The family resemblance I noticed between all these texts has for me been no better expressed than by the eighteenth-century Universalist George de Benneville (1703-1793) who said; "The inner spirit makes us feel that behind every appearance of diversity there is an interdependent unity of all things."
Is this not something like what John seems to have believed Christ’s inner spirit was feeling when he uttered his farewell words to his disciples and which John's own community came to see and feel about Christ? Namely, that in some meaningful way we may say that Christ is in us and, because Christ is in God we, together, are all one in God. Christ teaches us this - or so it feels - that we can come daily to live our lives more truly loving God and our neighbour as ourselves; to see God (or Nature) in the other regardless of apparently insuperable differences.
Is this not something like what Mary Oliver senses in her own inner spirit as she encounters the singing thrush? A feeling that there was not just a single thrush singing but "all his brothers, and also the trees around them, as well as the gliding, long-tailed clouds in the perfectly blue sky — all, all of them" and, of course, so it seemed, Oliver herself. Out of that experience she finds that the thrush, like Christ, wants us to live loving Nature and our neighbour as ourselves; to see Nature (or God) in the other regardless of apparently insuperable differences.
And what of the text that is the book of nature - this actual, existent thrush that showed up outside the Manse back-door whose presence pushed back at me? Well, in the wholly unexpected meeting of texts that was occasioned by the thrush's arrival I found that, like Oliver, I "was filled with gladness - and that's when it happened" - when I saw something I had never seen before nor could ever have imagined I would see.

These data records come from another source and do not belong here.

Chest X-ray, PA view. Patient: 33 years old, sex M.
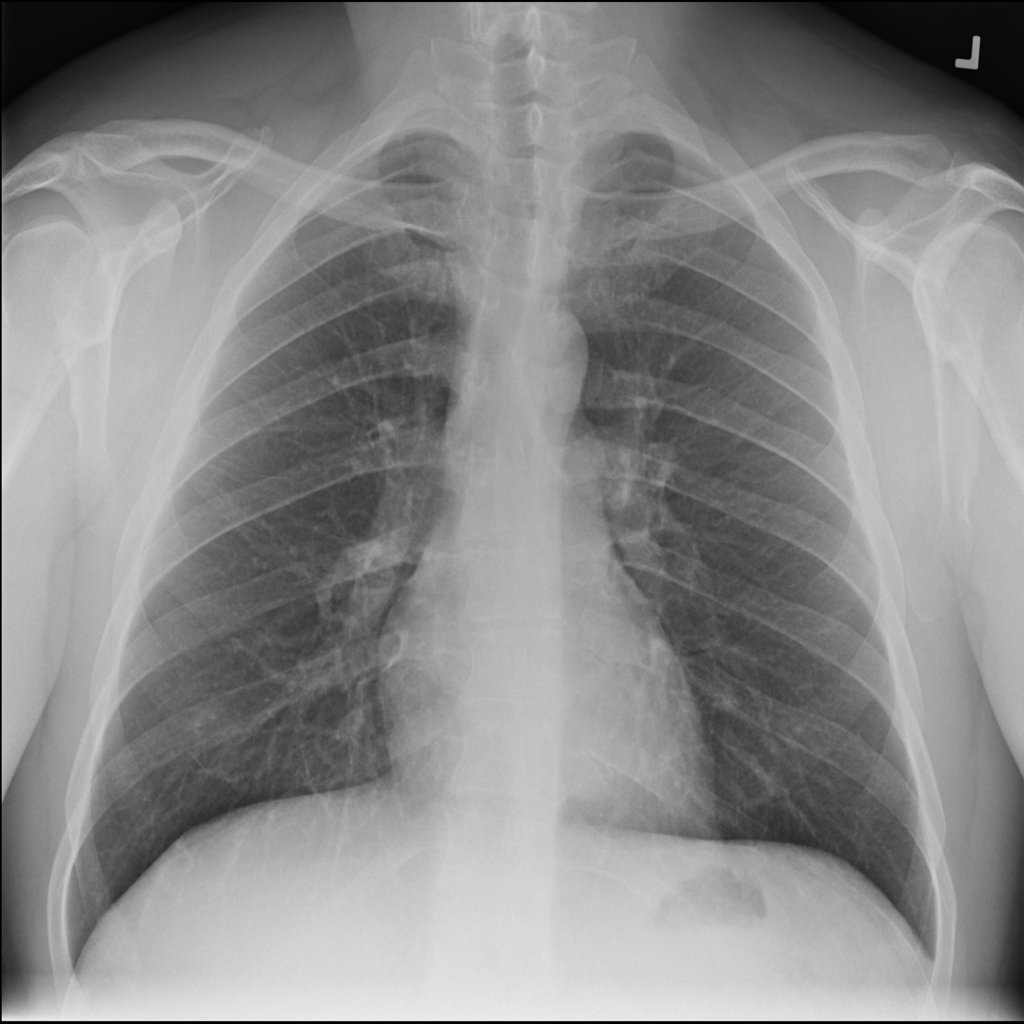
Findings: No Finding
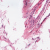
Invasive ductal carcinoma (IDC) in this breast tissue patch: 0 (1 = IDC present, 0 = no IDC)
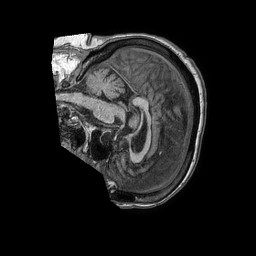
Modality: T1w
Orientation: sagittal
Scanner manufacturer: philips
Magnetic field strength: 1.5 T
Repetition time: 0.007468 s
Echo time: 0.003395 s
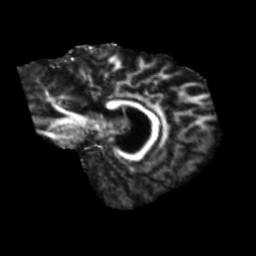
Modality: FA
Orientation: sagittal
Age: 68
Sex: male
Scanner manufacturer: siemens
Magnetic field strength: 3 T
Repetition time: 5.47 s
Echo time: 0.0854 s
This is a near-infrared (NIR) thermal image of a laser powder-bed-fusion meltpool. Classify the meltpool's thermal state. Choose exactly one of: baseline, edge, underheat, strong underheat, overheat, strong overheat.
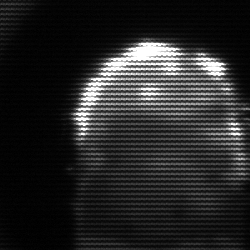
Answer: baseline
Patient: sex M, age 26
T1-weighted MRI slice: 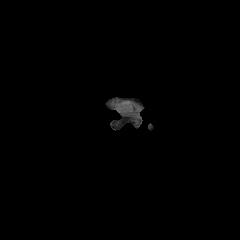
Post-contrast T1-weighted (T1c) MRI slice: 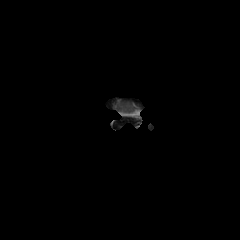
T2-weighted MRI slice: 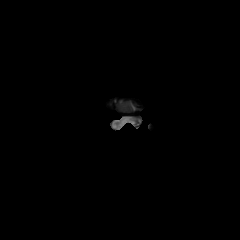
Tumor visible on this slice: no
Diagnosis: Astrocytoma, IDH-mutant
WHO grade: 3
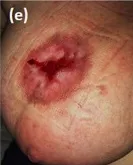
Dermatological and histopathological characteristics of pyoderma gangrenosum. Partial healing after therapy with pulsed intravenous methylprednisolone, followed by the combination of prednisone, and ,cyclosporine given orally.
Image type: medical_photograph (skin_photograph)
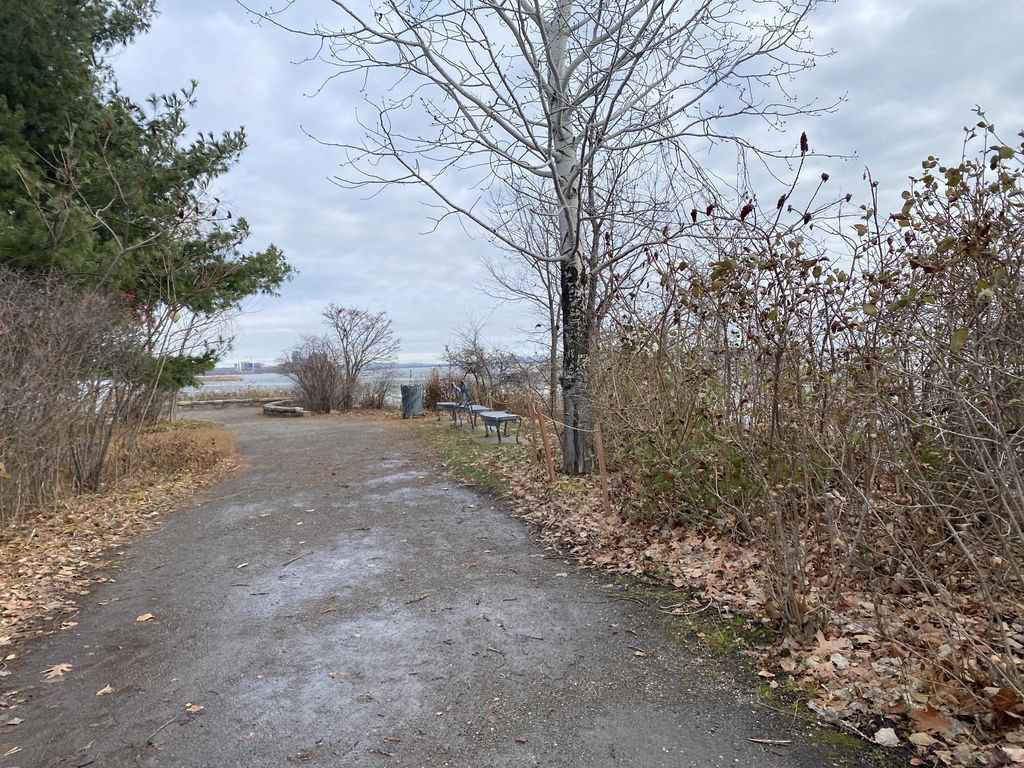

I looked up and the thrush singing outside my back-door was suddenly being read by me as “Christ the Thrush”, singing to me that God-or-Nature is in her, that she is in God-or-Nature and she is singing this song to me so that, together, we may know that she and I are both one in God-or-Nature. In the lighting strike of this moment it felt as if the very glory that God-or-Nature has given the thrush and Christ was being given anew to me and, at the end of this cold and long winter in which every spirit upon earth had until a few moments ago seemed fervourless as I, my own life suddenly began to shine again, refulgent with meaning.
As Oliver notes, although these are fleeting moments, "One of the things they say about it, that is true, is that, once you've been there, you're there forever." So from this moment onwards the whole world shows up to you, begins to shine, in a wholly new way - and, as the words on the little bronze plaque that hangs on the back-yard wall above Venus' head (see picture) says, I felt powerfully that, Yes! "Bidden or unbidden, God is present."
However, although *I* feel I can live forever by the truth of this encounter with the Christ the Thrush, it is important to realise that I do not (cannot) receive this truth, nor pass it on to you, as an 'eternal truth' of the kind so often sought by both religion, philosophy or the natural sciences. I neither can, nor any longer feel the need to, justify this truth to you either metaphysically or scientifically. If the resonance within me that was triggered by this mix of texts triggers a similar resonance in you then all well and good - and those of us who in our different ways (and with different texts) feel such an “interdependent unity of all things” can perhaps talk further about it - it is, after all a classic Unitarian and Universalist intuition (the religious tradition in which this church stands and I minister).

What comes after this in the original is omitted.